Joseph Dispensa Jr., a retired schoolteacher, acquired a former Buick dealership in Aurora 12 years ago using a city-sponsored, no-interest $12,000 façade loan to put in new windows and tuck-point a leaky brick façade. The building, previously empty, soon housed a computer software design company and a commercial photographer.
Pleased, Mr. Dispensa bought and rehabbed a second building, this time with the help of a $60,000 grant.
"I couldn't have made these projects turn around nearly as quickly without the extra money from the city," Mr. Dispensa says. "Something as simple as a free loan allows my buildings to become cash-flow positive."
City money bridges the gap
Also in Aurora is Ciara's Place, a soul food restaurant in a building that dates to 1848. Owner Pamela Dandridge figures she spent close to $500,000 on renovation, with city assistance of more than $100,000.
"I went to Bank One, and they told me they don't do restaurant financing," Ms. Dandridge says. "But when they saw we had city backing and a (U.S. Small Business Administration) guarantee, they came through with the loan. The city money put us over the hump."
Ms. Dandridge is now encouraging other neighborhood business owners to fix up their storefronts: "First impressions mean everything. If that impression is negative, you lose customers. It's as simple as that."
In some towns, however, the process isn't that simple. Libertyville's façade improvement program, which allows building owners to borrow up to $100,000 at low interest (3.8% in a pool sponsored by seven local banks), demands rigorous oversight. Even a new sign funded by the program must be scrutinized by a local historic preservation group and an appearance review commission.
Nevertheless, "this program has been so popular that almost every new business that comes to our town uses it," says Carolyn Dellutri, executive director of Main Street Libertyville, a non-profit affiliate of Illinois Main Street. "Our downtown is in pretty good shape now. We have the façade improvement program to thank, in large part, for that."

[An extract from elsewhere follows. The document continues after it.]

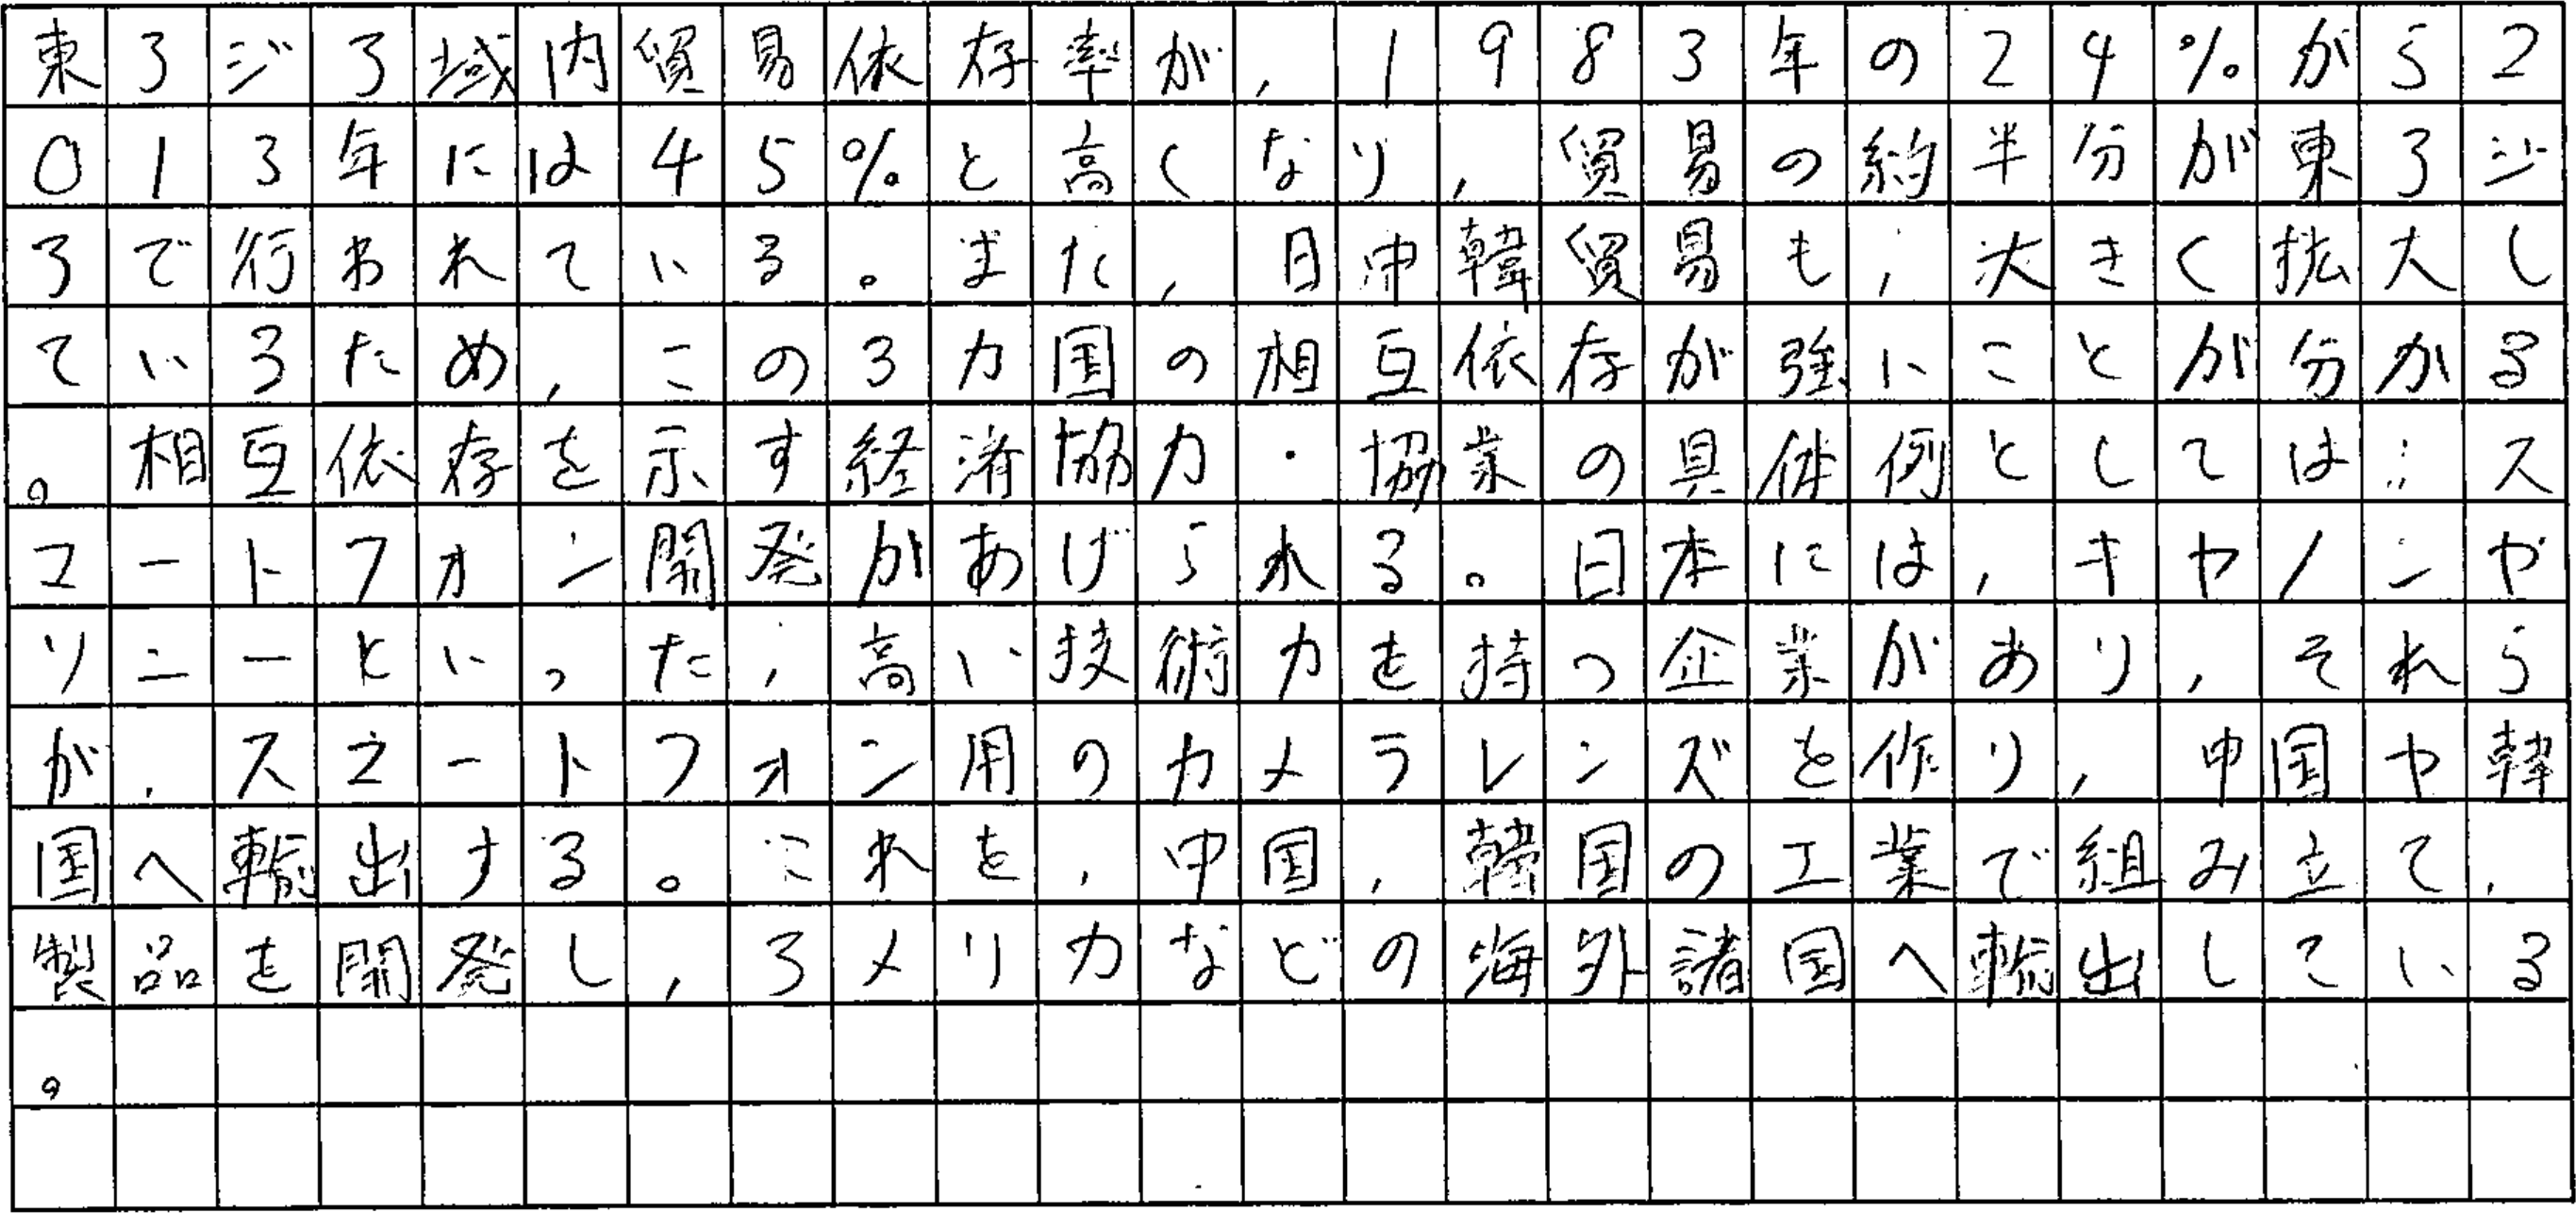東アジア域内貿易依存率が，１９８３年の２４％から２０１３年には４５％と高くなり，貿易の約半分が東アジアで行われている。また，日中韓貿易も，大きく拡大しているため，この３カ国の相互依存が強いことが分かる。相互依存を示す経済協力・協業の具体例としては，スマートフォン開発があげられる。日本には，キャノンやソニーといった，高い技術力を持つ企業があり，それらが，スマートフォン用のカメラレンズを作り，中国や韓国へ輸出する。これを，中国，韓国の工業で組み立て，製品を開発し，アメリカなどの海外諸国へ輸出している。

Sarosh Saher, an Elgin city planner who oversees preservation, says façade improvement has far-reaching impact.
"Anecdotal evidence tells us that companies that fix up their façades enjoy an increase in business," Mr. Saher says. "And there is a ripple effect: One façade gets fixed up, and other businesses up and down the street are soon encouraged to do the same thing. Before you know it, the whole neighborhood looks beautiful again."